RAFAELA RODRIGUES LIMA
 A Importância da Família no Processo de Educação Inclusiva
GUAJARÁ/AM
2026
RAFAELA RODRIGUES LIMA
A Importância da Família no Processo de Educação Inclusiva
Projeto de Trabalho de Conclusão de Curso apresentado à disciplina de TCC 1 do Curso de Educação Especial, do Centro Universitário FAVENI-UNIFAVENI, como requisito parcial para avaliação 
Orientador: Prof. XXXXXXXXXX
GUAJARÁ/AM
2026
SUMÁRIO
1	JUSTIFICATIVA	3
2	DEFINIÇÃO DO PROBLEMA E HIPÓTESES	5
2.1 	PROBLEMA	5
2.2 	HIPÓTESES	5
3	OBJETIVOS	5
3.1 	OBJETIVO GERAL	5
3.2 	OBJETIVOS ESPECÍFICOS	5
4	REFERENCIAL TEÓRICO E/OU REVISÃO DE LITERATURA	6
4.1 	REFERENCIAL TEÓRICO	6
5	PROCEDIMENTOS METODOLÓGICOS	15
6	RESULTADOS ESPERADOS	15
7	CRONOGRAMA	16
REFERÊNCIAS	18
1 JUSTIFICATIVA
Escolheu-se como tema deste trabalho , a importância da família no processo de educação inclusiva da pessoa com necessidades educativas especiais, por observar a necessidade que essas pessoas têm da presença do acompanhamento de seus familiares junto às atividades, mesmo que elas tenham profissionais de reforço escolar envolvidos. 
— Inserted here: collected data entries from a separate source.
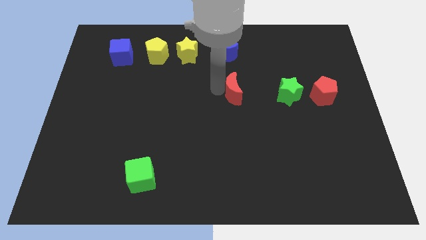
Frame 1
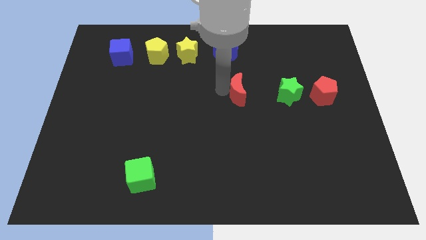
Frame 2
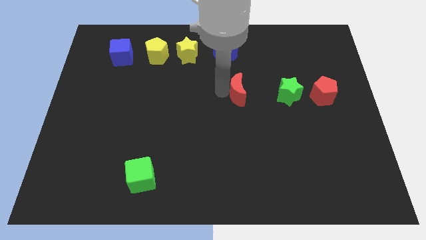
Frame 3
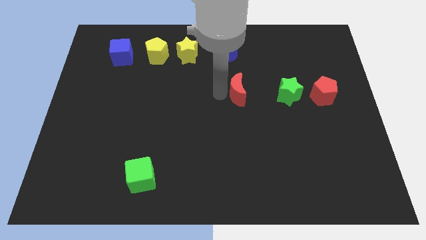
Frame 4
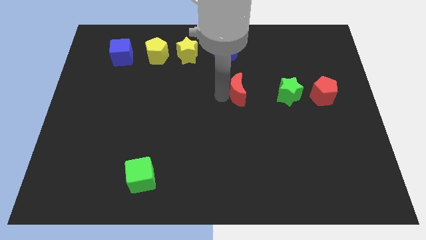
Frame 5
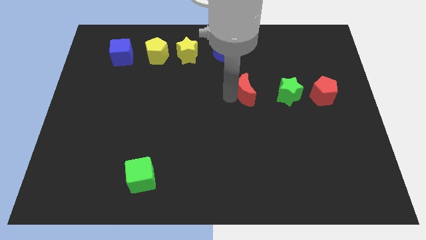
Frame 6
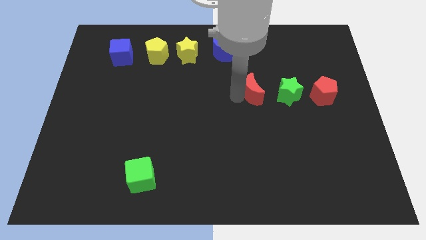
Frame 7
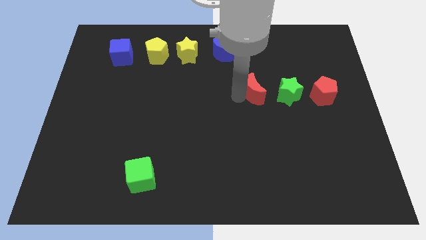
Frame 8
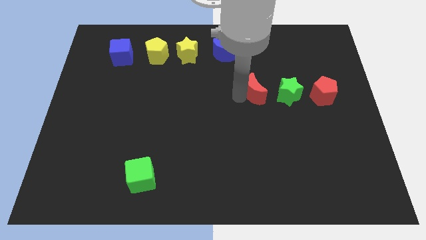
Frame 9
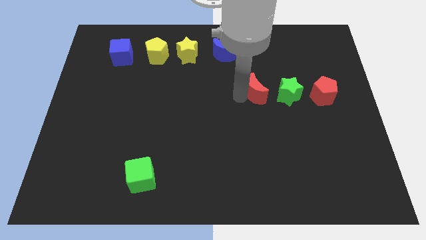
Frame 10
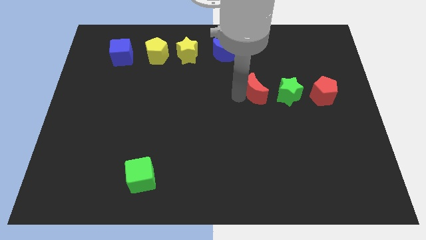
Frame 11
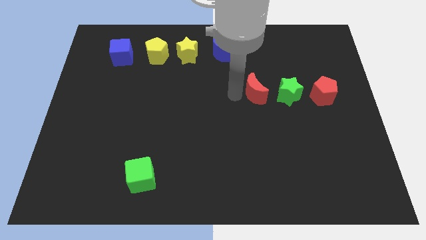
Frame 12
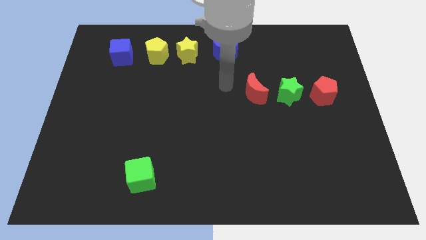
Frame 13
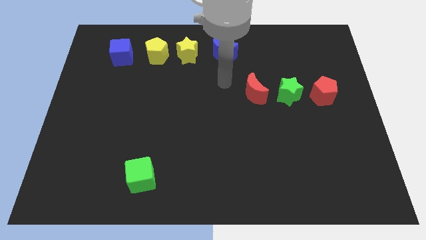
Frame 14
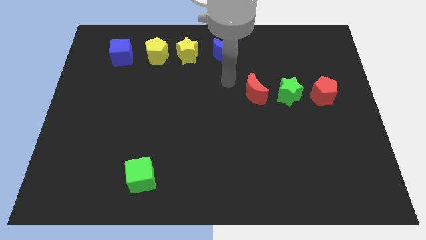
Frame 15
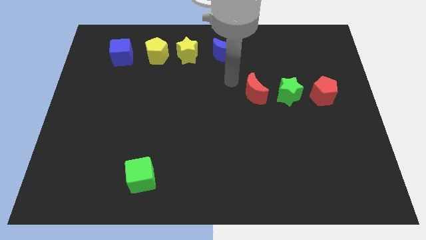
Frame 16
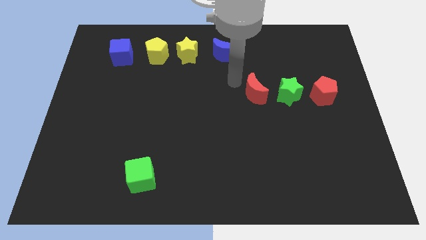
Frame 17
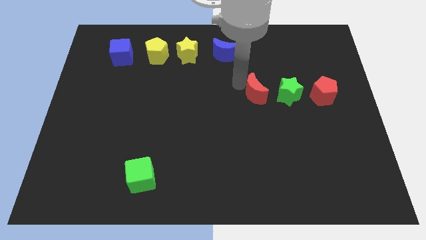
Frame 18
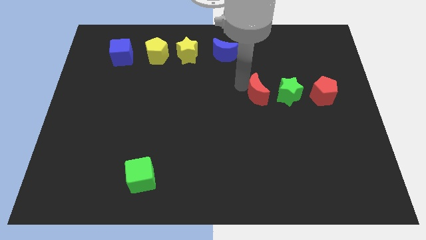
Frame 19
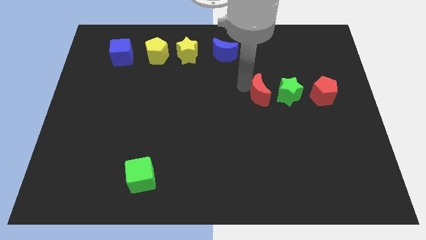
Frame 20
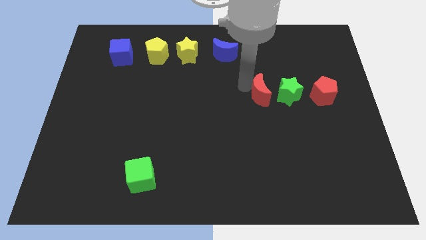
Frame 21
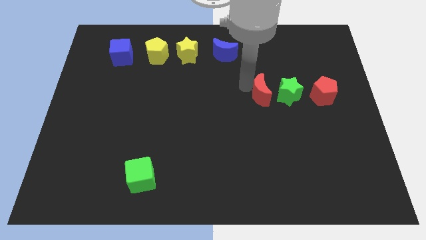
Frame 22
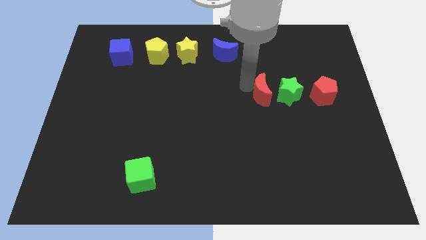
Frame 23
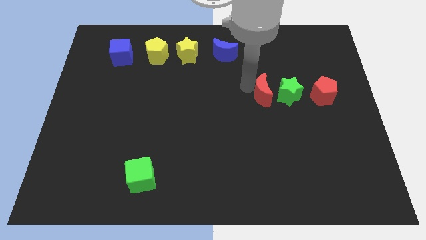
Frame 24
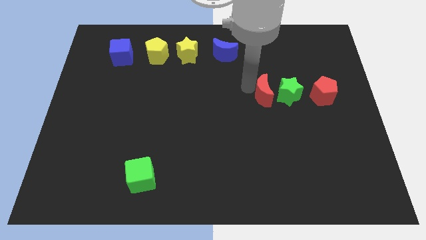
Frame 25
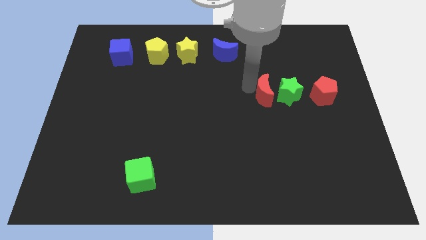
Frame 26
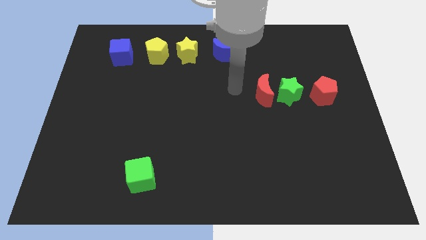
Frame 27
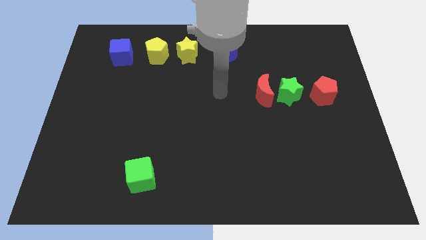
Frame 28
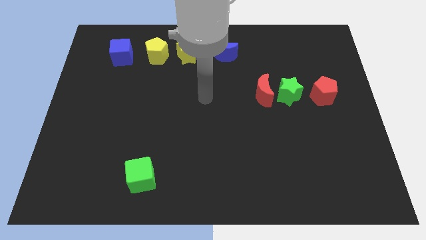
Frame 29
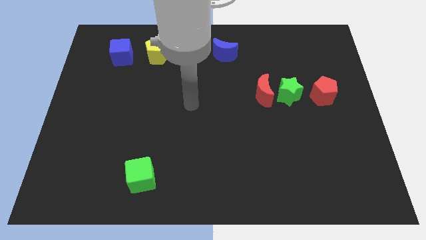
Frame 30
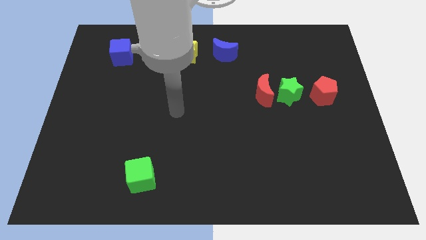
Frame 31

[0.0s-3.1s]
push the red crescent towards the green star

Sabe-se que o processo inclusivo é de grande importância no desenvolvimento e socialização dos alunos, tanto especiais, como ditos normais, sendo fundamental no crescimento do seu aprendizado por haver uma troca de conhecimentos que passa a favorecer ambas as partes. Sem contar com o benefício da auto-estima e da dose de afetividade que os mesmos passam para toda a comunidade escolar, tornando-a mais humana, menos preconceituosa e reflexiva, diante da realidade de cada indivíduo especial. 
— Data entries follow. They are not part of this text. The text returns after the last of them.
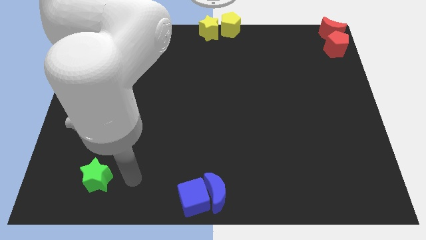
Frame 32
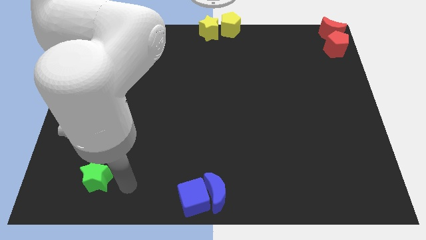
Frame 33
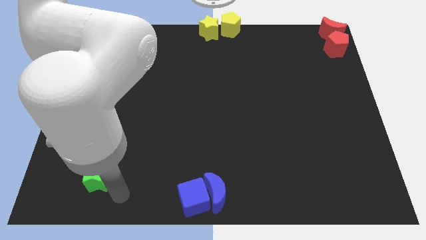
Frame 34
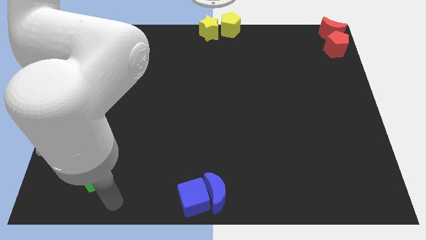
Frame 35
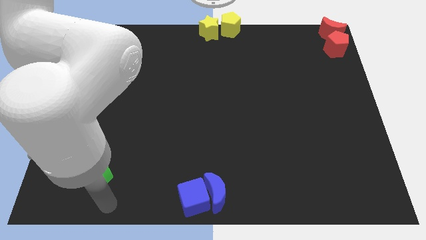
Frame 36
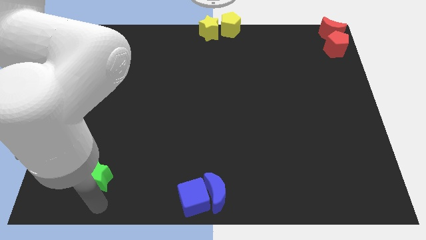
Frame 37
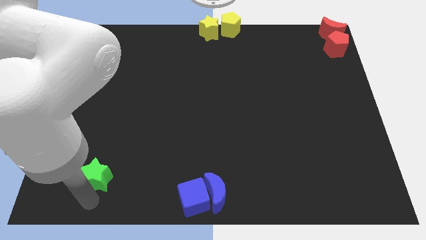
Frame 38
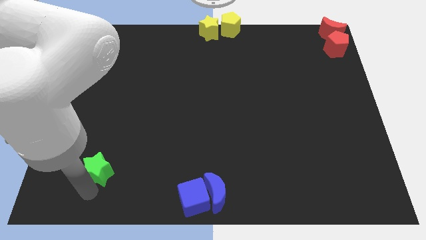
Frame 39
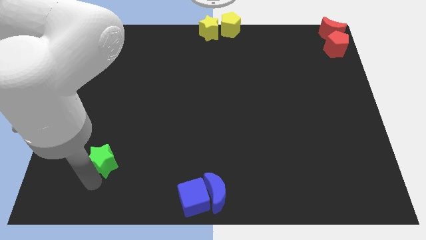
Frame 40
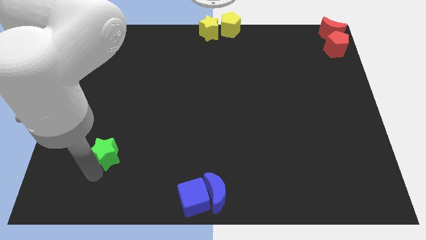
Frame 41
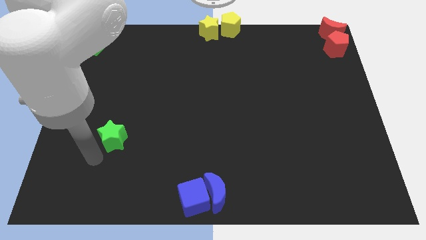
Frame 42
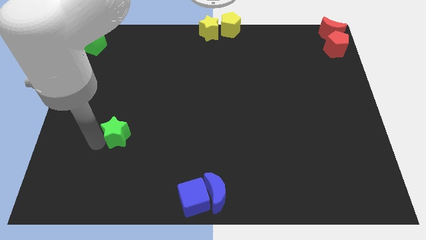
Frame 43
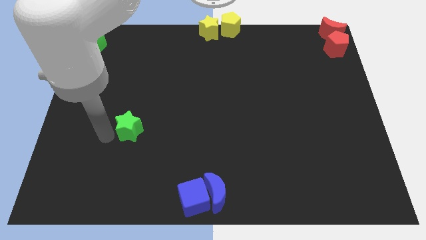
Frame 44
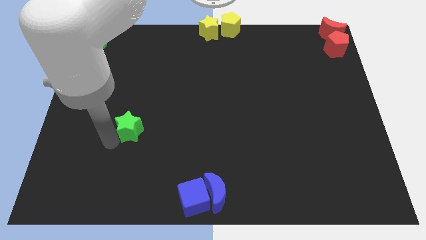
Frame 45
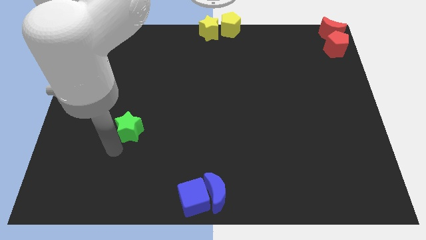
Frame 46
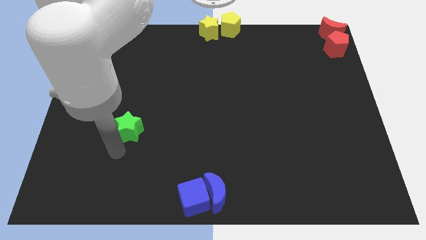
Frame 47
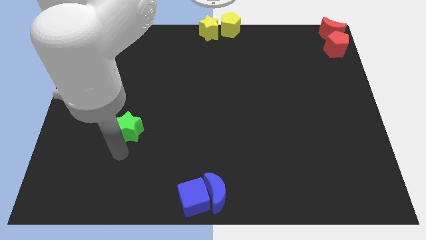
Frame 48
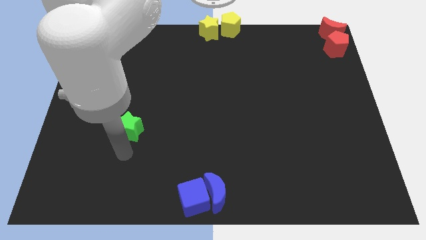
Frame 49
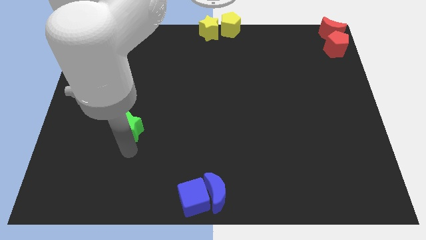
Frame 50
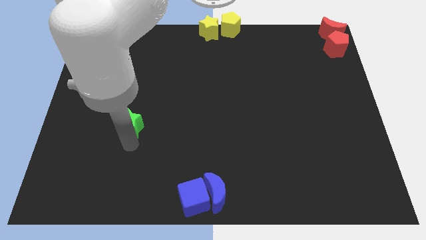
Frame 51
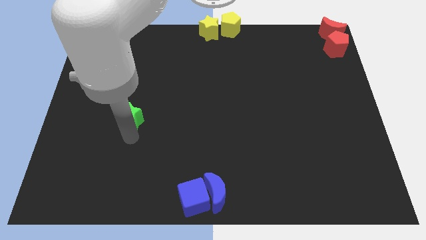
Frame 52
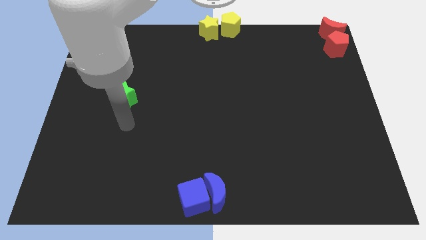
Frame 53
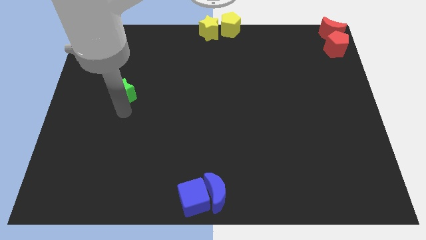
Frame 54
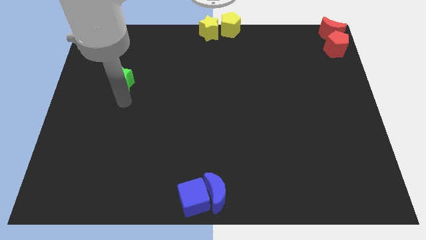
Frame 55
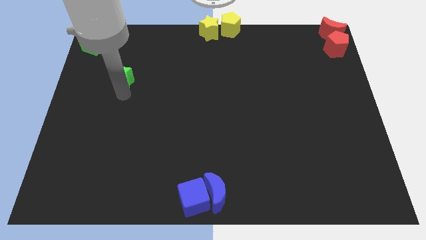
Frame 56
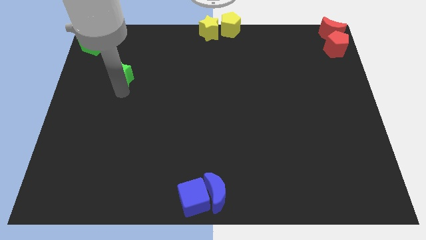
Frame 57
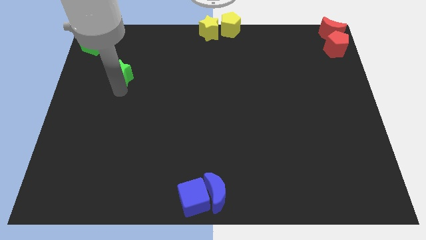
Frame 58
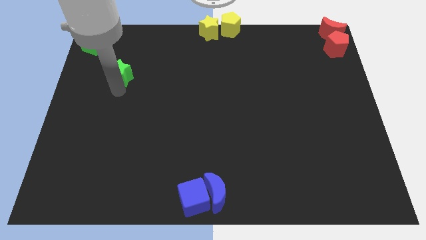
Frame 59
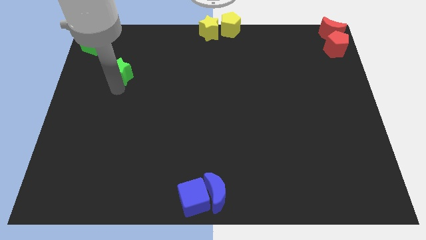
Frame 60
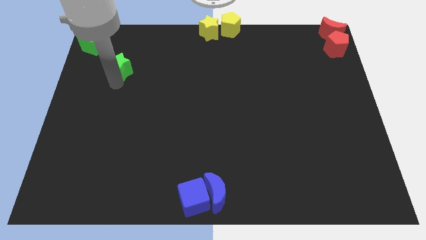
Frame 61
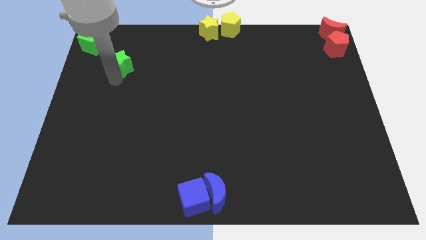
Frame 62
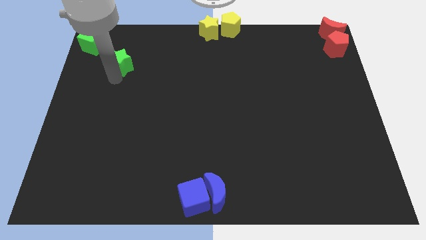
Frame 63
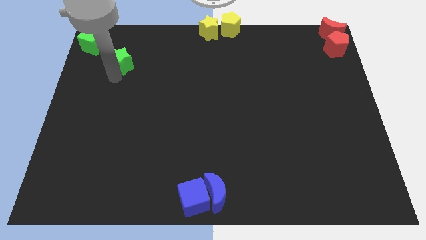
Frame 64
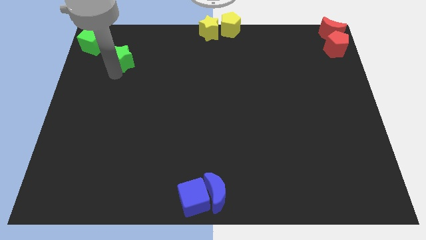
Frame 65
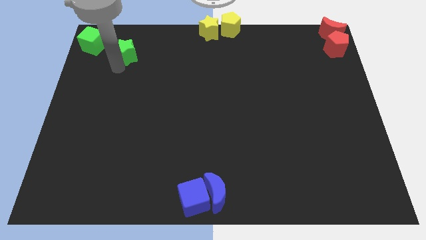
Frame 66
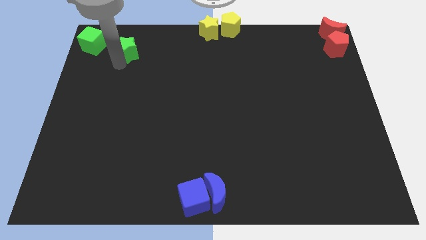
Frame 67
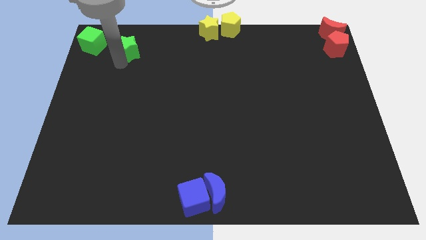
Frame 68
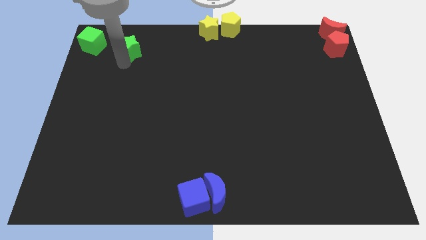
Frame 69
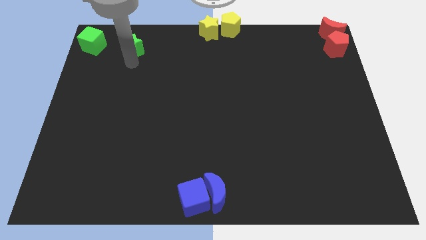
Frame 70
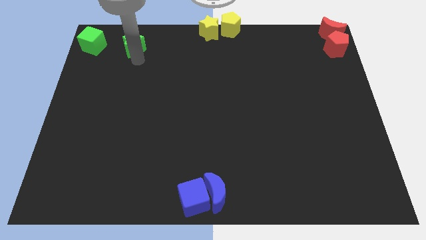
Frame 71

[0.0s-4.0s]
place the green star to the right side of the green cube

Em todos os estudos feitos sobre as pessoas portadoras de necessidades educativas especiais, sempre foi enfatizado que esses indivíduos necessitavam do acompanhamento da família. Por esta razão, escolheu-se investigar a importância da família no processo de educação inclusiva da pessoa com necessidades educativa especiais. Observa-se que sem a família esses indivíduos não teriam como se situar em suas vidas, sendo a família de fundamental importância para o seu desenvolvimento e por ser a primeira referência como ser, sua célula vital.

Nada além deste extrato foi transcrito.